While it is clear that a TriFinder needs a reference to a Triangulation instance, why would Triangulation need to hold a reference to the full TriFinder ?
In a weaker way it could store the once-only computed data structure (I dont't know the algo in details, but it could store for instance a tree of triangle indexes). When computed once, this data structure would be reused by any Trifinder pointing to this specific Triangulation (but without explicit cross-references).

So the data structure would be more or less like this:
TriInterpolator -> TriFinder -> Triangulation -> once-only computed data

Also, not for the standard user but a close() or finalise() method of TriInterpolator could do the cleanup of Triangulation object or explicitely remove the cross-reference.
That way an 'advanced user' could decide that he will not need the Triangulation additionnal data structure any more.

@ianthomas23
Collaborator

@GBillotey: sure, we could do it your suggested way, but I think the simple implementation with the circular references is OK. Python's garbage collector can deal with circular references in simple cases like this, and we have the option of using the weakref module if we want to be explicit.

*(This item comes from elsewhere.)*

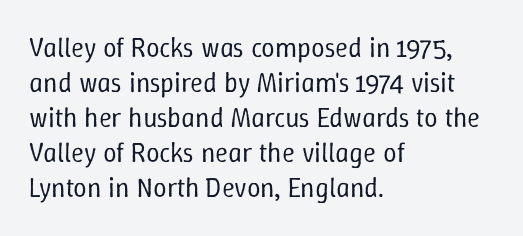
{"italic": "no", "bold": "no", "underline": "no", "align": "left", "line_spacing": "normal", "line_spacing_ratio": 1.3, "letter_spacing": "normal", "letter_spacing_em": 0.0, "glyph_px": 27}

I suppose that rather than asking if the implementation was acceptable I was really asking if the use of circular references was considered by others to be bad design, in case we had an unwritten policy on such things.

@pelson
Collaborator

I suppose that rather than asking if the implementation was acceptable I was really asking if the use of circular references was considered by others to be bad design, in case we had an unwritten policy on such things.

Personally: yes. But matplotlib uses circular references all over the place (did you know an Artist holds the axes it may [or may not] belong too...), so if it makes implementation easier, go for it!